Polly took the bag back to the closet after removing the very last thing, her work basket, which she put on the bureau, beside the fat pincushion. Looking at this cushion reminded her of hidden treasures, and diving into her petticoat pocket she brought forth Aunty Peebles’s gift, and then the knife; these Polly placed on a table, which stood near one of the two windows. Then, after looking about the room for a moment with an air of much satisfaction, Polly slipped off her little shoes, and folding her shawl about her shoulders after the manner of Mrs. Ramsdell when ready for a nap, she turned back the white quilt, and climbing sedately up on the bed, laid her head on the pillow and clasped her little hands.

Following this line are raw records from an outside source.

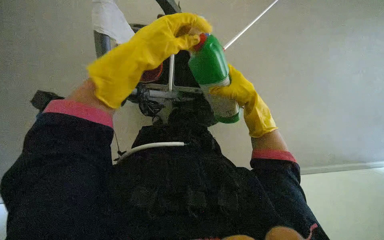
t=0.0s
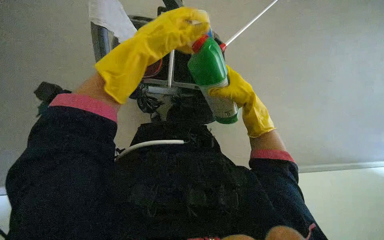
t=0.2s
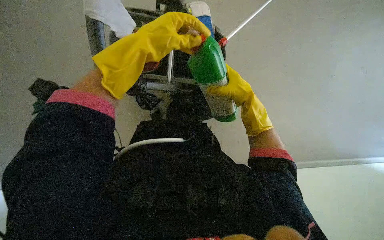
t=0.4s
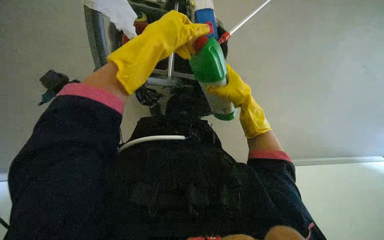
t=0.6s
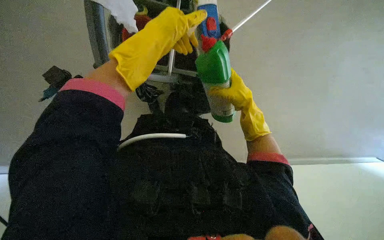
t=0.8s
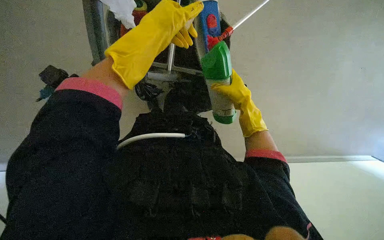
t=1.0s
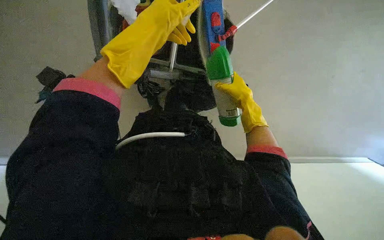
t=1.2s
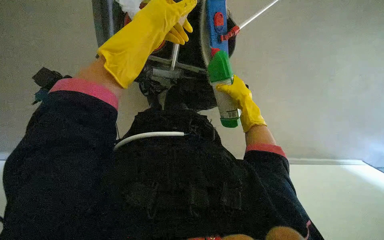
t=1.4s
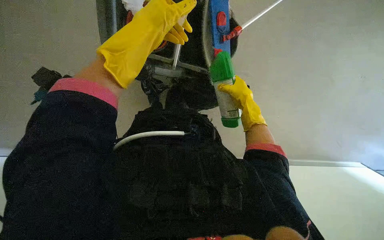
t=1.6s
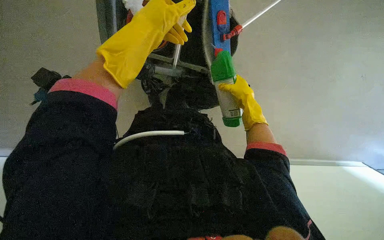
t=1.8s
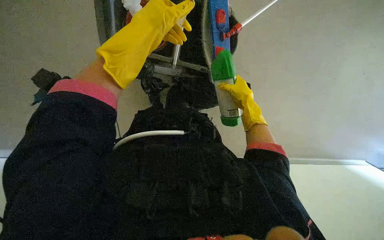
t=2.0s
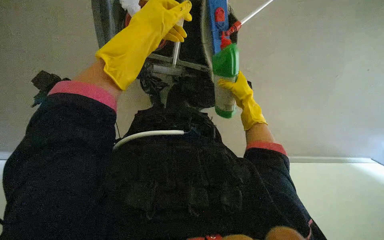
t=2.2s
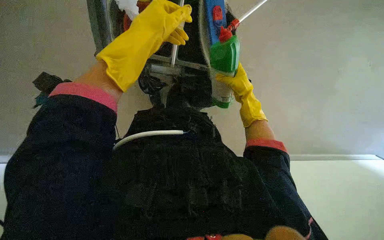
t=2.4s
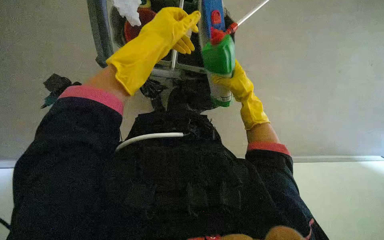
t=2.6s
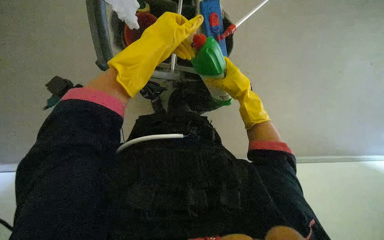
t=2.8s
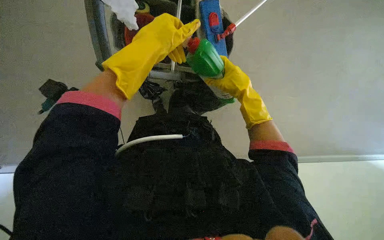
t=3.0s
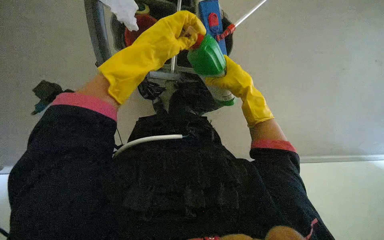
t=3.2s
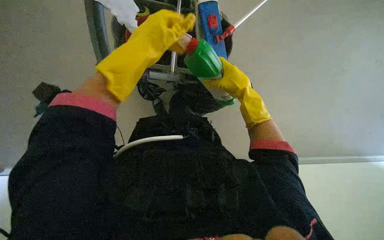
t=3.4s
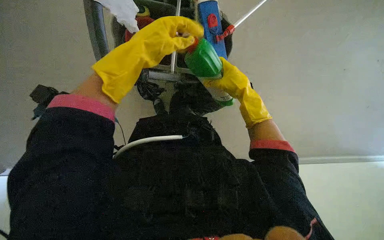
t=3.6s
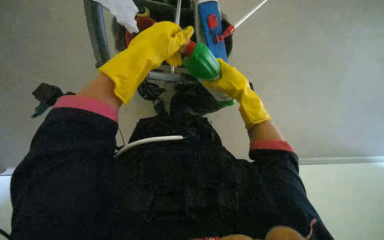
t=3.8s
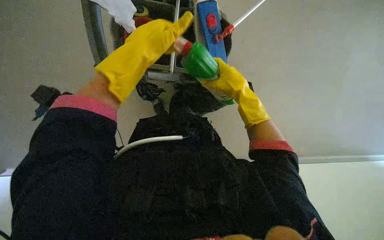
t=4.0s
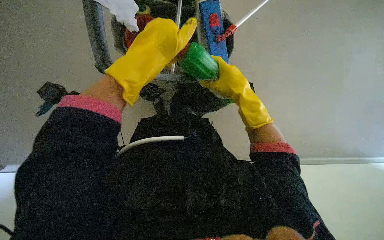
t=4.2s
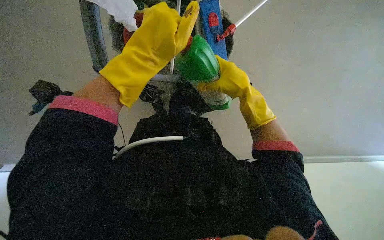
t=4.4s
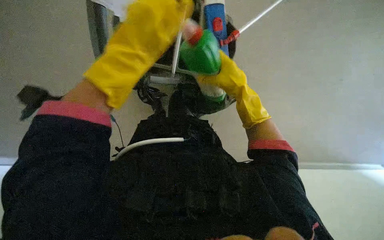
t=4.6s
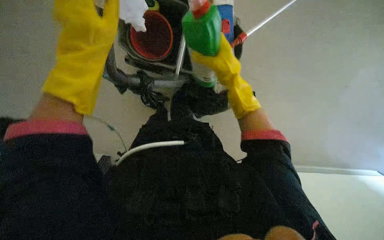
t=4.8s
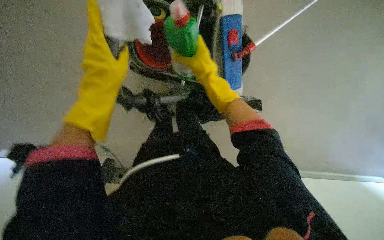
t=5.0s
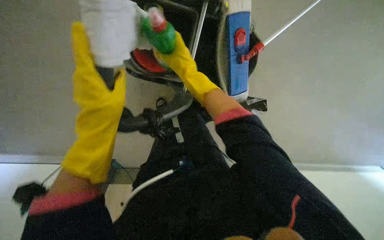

“I don’t feel sleepy,” said Polly, “but that doesn’t make any difference. I’ve got plenty of things to think of. Perhaps Eleanor didn’t always go to sleep. There are all those leaks in Manser farm—they’ll get mended if I’m adopted. And this is a beautiful place, and I’m not going to be lonesome, a great girl like me, if ’tis pretty still here. I wonder what Miss Arctura Green is doing: and those kitties, I wonder where they are.”
An hour or so later Miss Hetty held a consultation with Arctura in the kitchen.
“I came down the back way so I should not wake that child,” said Miss Pomeroy. “She hasn’t stirred since she lay down, I verily believe. Do you think it’s natural for a little girl of her age to sleep nearly two hours at this time of day?”
“Why, you see we don’t either of us know much about children,” said Arctura, meditatively. “She looks pretty strong, but I notice her appetite’s nothing extra, and probably she’s all excited up and tired out. Seems to me, though, if she don’t stir by the end of another half hour I should kind of make a noise in my room if I was in your place, and wake her up gradual.”
At the end of another half-hour Miss Pomeroy opened and shut a window in her room with vigor, and when she stepped across the hall to Polly’s room, the little girl was putting on her shoes.
“Well, well,” said Miss Pomeroy, “you’ve had a nice, long nap. You shall take one every day, my dear, if you like; I’ve no doubt it will do you good.”
“Yes’m,” said Polly meekly, with a faint little smile.
“I don’t know as I shall let you sleep quite so long, always,” said Miss Hetty, briskly, “for fear you won’t rest so well at night: but we’ll see.”
“Yes’m,” said Polly again; and Miss Pomeroy never suspected that those two hours on the bed had seemed like weeks to her little guest.